### Your task
All the data below goes into the copy word for word, but the pictures don't.

### Provided information

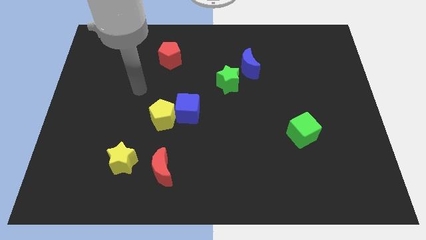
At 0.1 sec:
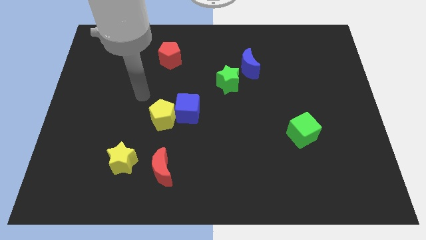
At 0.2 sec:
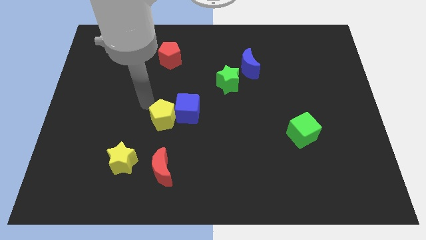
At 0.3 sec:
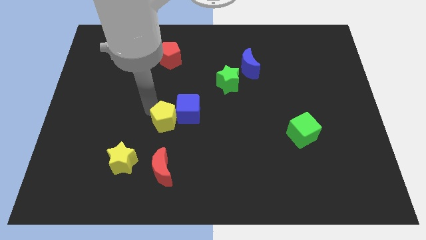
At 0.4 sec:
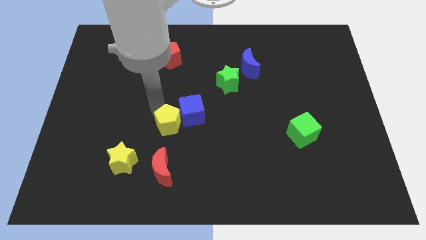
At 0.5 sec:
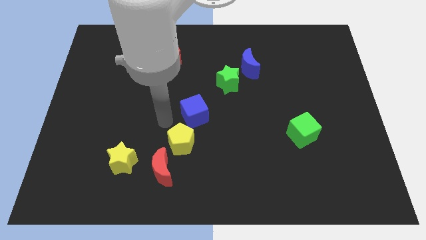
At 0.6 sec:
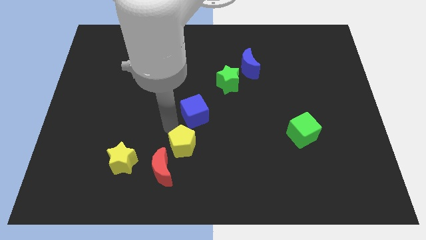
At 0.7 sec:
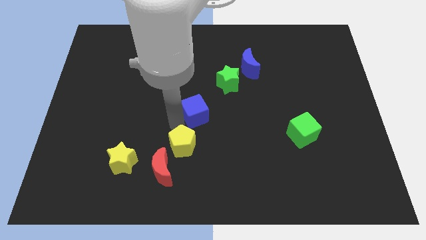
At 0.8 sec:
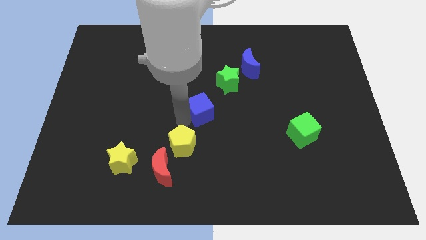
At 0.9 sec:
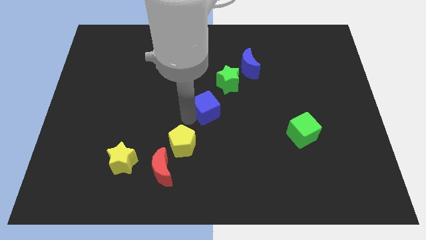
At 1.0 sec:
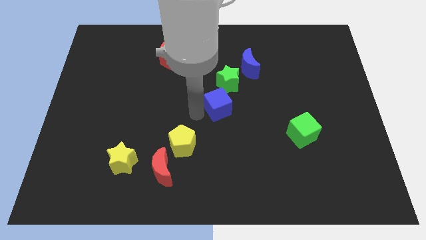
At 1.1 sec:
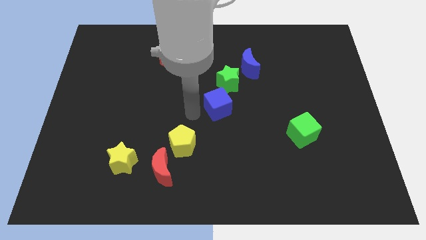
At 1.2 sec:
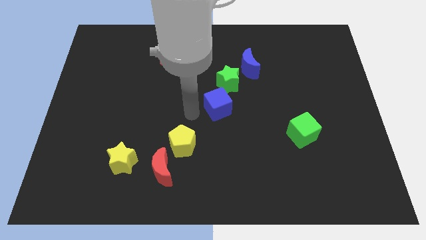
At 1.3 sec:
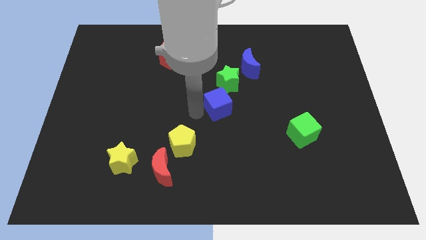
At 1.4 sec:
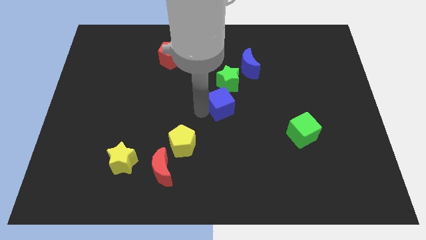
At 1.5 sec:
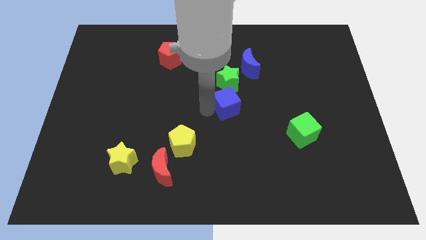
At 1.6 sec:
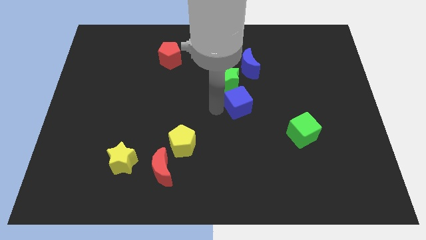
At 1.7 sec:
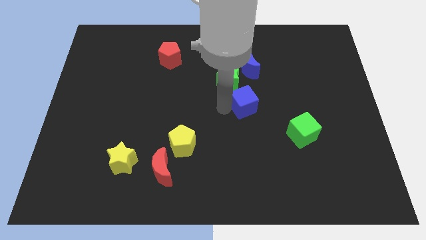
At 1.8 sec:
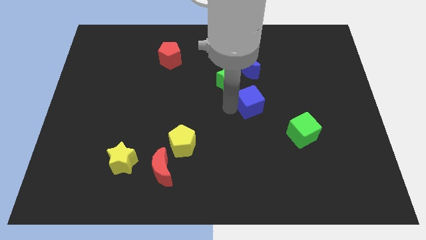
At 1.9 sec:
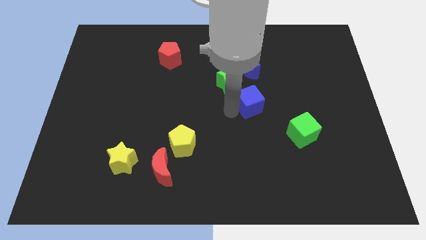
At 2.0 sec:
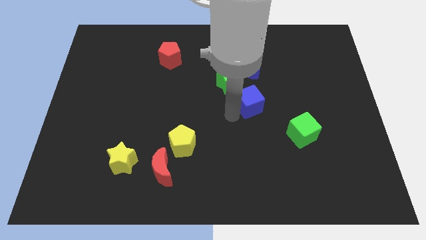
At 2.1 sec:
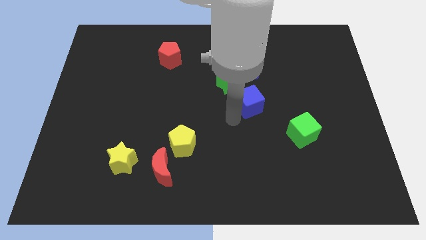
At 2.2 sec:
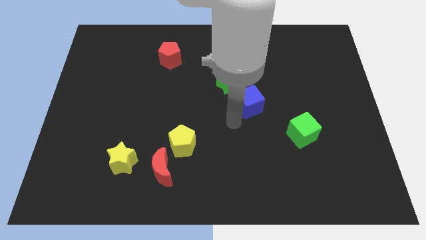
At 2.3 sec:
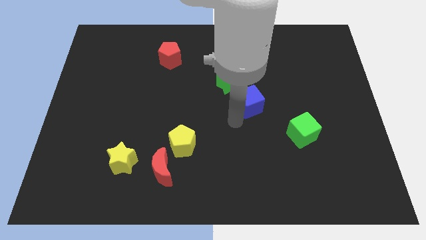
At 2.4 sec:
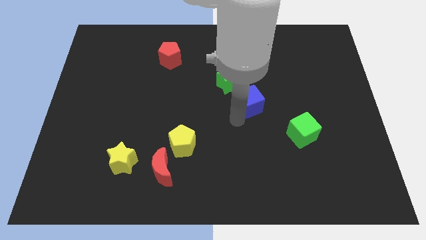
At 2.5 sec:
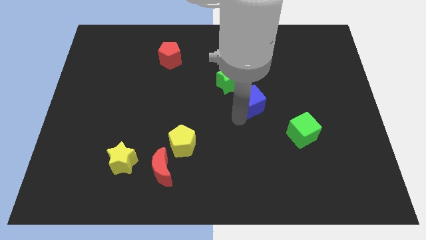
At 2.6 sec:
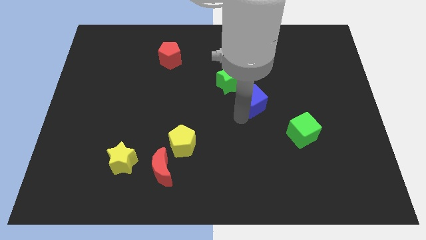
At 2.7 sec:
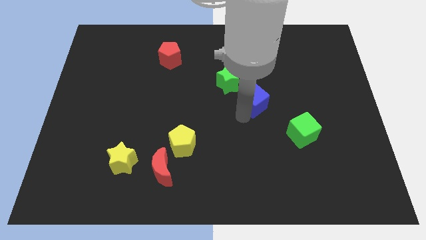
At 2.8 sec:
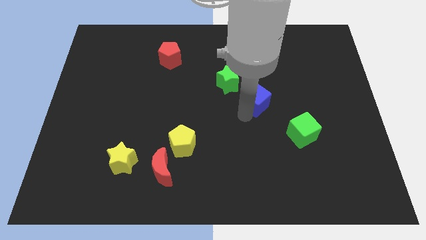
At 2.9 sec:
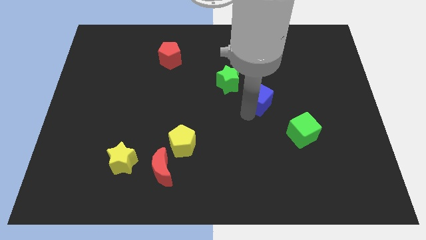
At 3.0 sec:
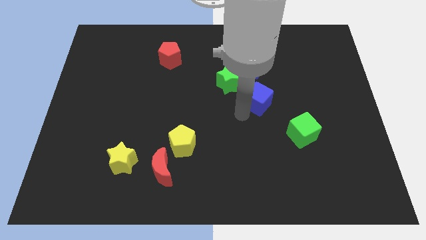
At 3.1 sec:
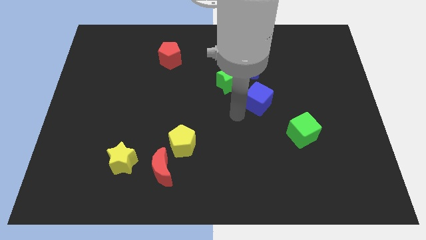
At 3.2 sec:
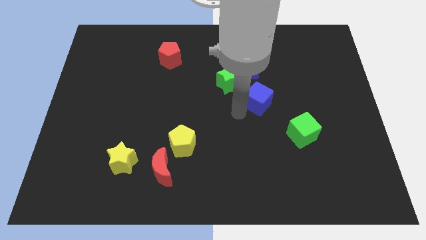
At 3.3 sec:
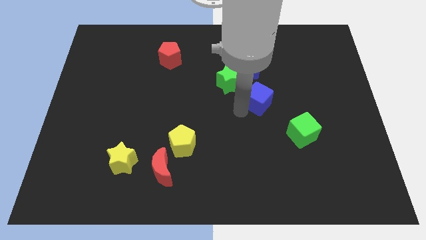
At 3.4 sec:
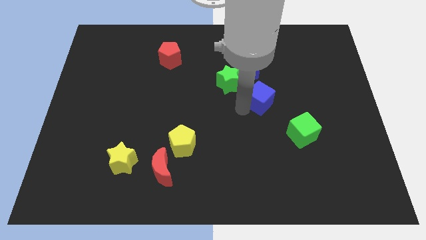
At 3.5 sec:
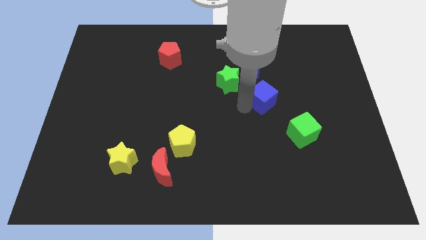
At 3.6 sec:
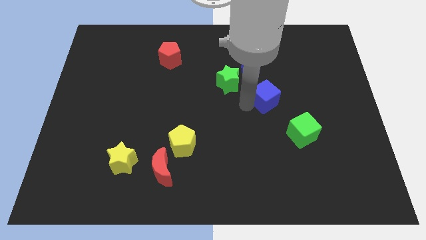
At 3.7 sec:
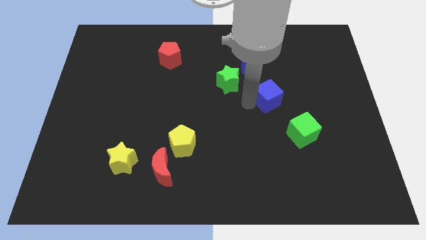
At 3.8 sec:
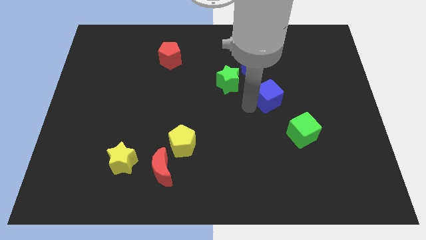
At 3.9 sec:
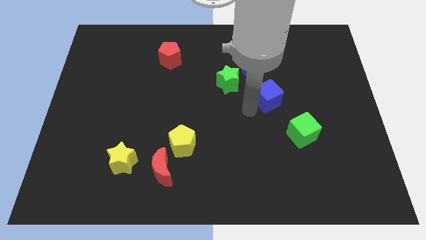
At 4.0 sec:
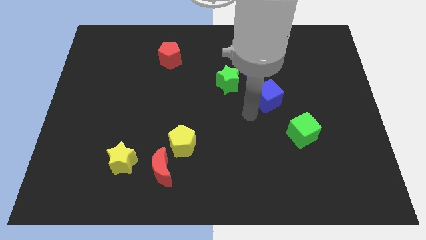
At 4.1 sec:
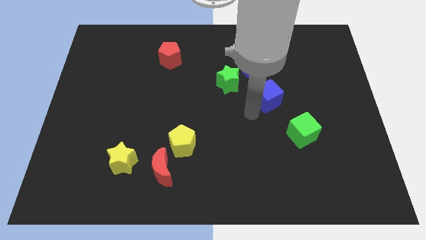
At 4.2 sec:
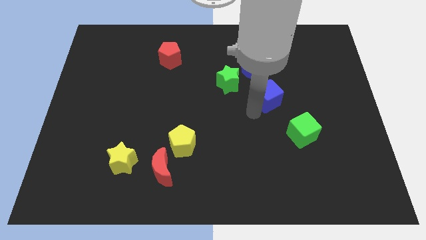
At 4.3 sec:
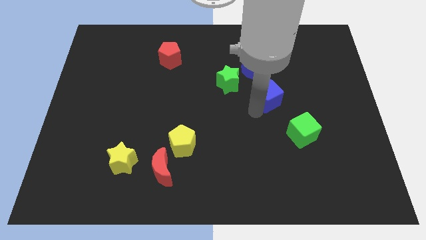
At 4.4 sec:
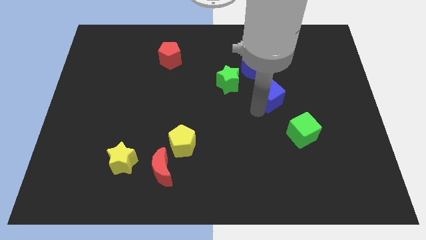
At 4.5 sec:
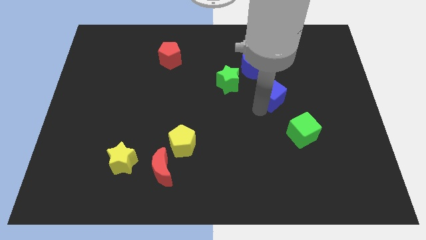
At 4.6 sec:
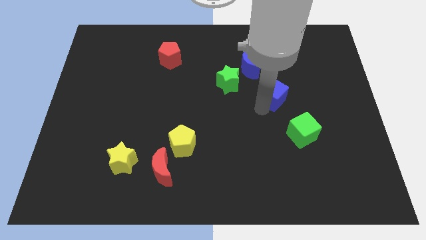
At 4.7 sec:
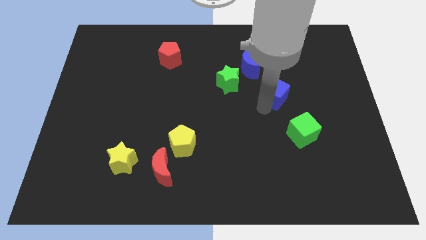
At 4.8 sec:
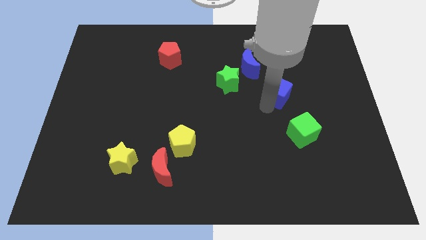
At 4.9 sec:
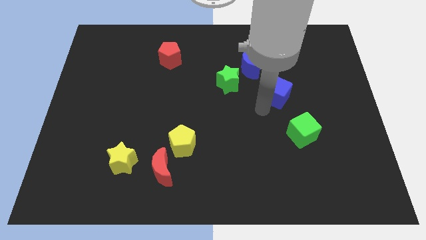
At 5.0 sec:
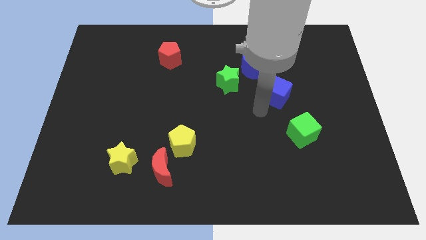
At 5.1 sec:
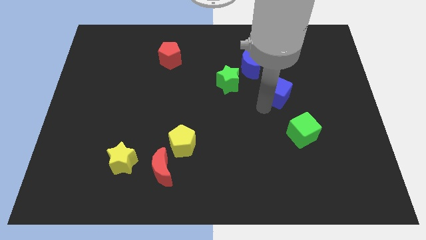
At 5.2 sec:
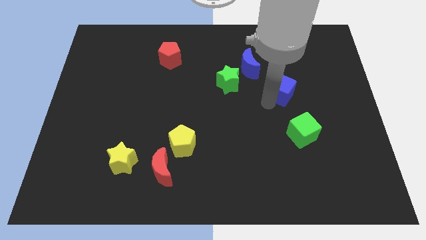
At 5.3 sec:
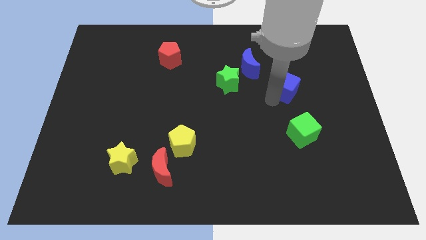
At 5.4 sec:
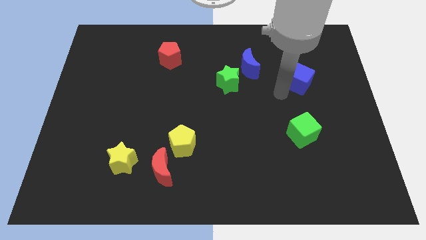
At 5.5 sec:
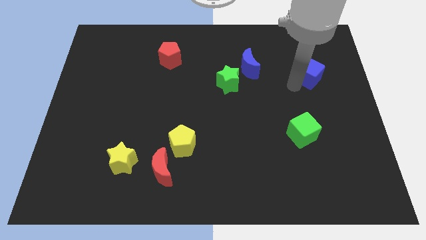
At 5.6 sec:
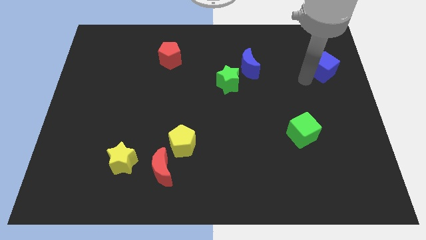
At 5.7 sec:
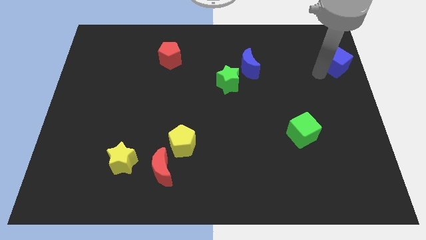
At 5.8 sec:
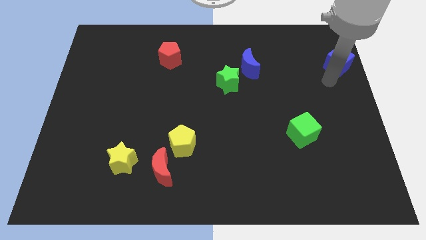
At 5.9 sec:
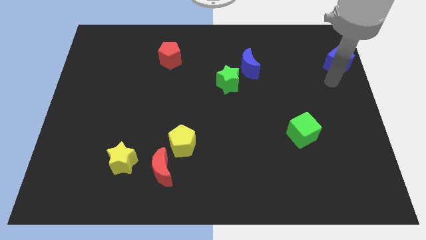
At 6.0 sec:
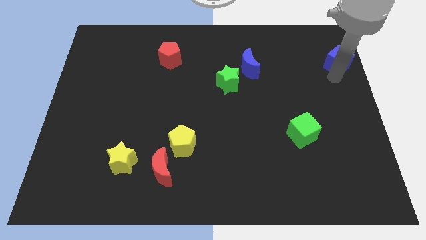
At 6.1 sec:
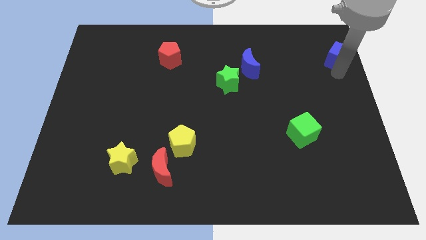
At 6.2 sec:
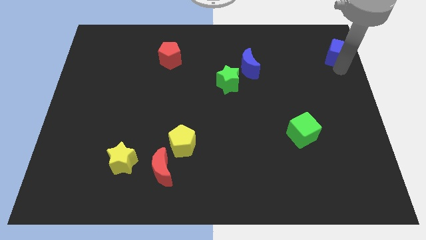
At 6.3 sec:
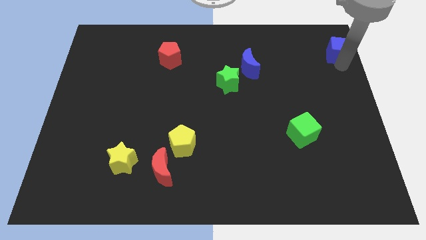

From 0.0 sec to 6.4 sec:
push the blue cube to the top right

### Task result
At 0.1 sec:
At 0.2 sec:
At 0.3 sec:
At 0.4 sec:
At 0.5 sec:
At 0.6 sec:
At 0.7 sec:
At 0.8 sec:
At 0.9 sec:
At 1.0 sec:
At 1.1 sec:
At 1.2 sec:
At 1.3 sec:
At 1.4 sec:
At 1.5 sec:
At 1.6 sec:
At 1.7 sec:
At 1.8 sec:
At 1.9 sec:
At 2.0 sec:
At 2.1 sec:
At 2.2 sec:
At 2.3 sec:
At 2.4 sec:
At 2.5 sec:
At 2.6 sec:
At 2.7 sec:
At 2.8 sec:
At 2.9 sec:
At 3.0 sec:
At 3.1 sec:
At 3.2 sec:
At 3.3 sec:
At 3.4 sec:
At 3.5 sec:
At 3.6 sec:
At 3.7 sec:
At 3.8 sec:
At 3.9 sec:
At 4.0 sec:
At 4.1 sec:
At 4.2 sec:
At 4.3 sec:
At 4.4 sec:
At 4.5 sec:
At 4.6 sec:
At 4.7 sec:
At 4.8 sec:
At 4.9 sec:
At 5.0 sec:
At 5.1 sec:
At 5.2 sec:
At 5.3 sec:
At 5.4 sec:
At 5.5 sec:
At 5.6 sec:
At 5.7 sec:
At 5.8 sec:
At 5.9 sec:
At 6.0 sec:
At 6.1 sec:
At 6.2 sec:
At 6.3 sec:

From 0.0 sec to 6.4 sec:
push the blue cube to the top right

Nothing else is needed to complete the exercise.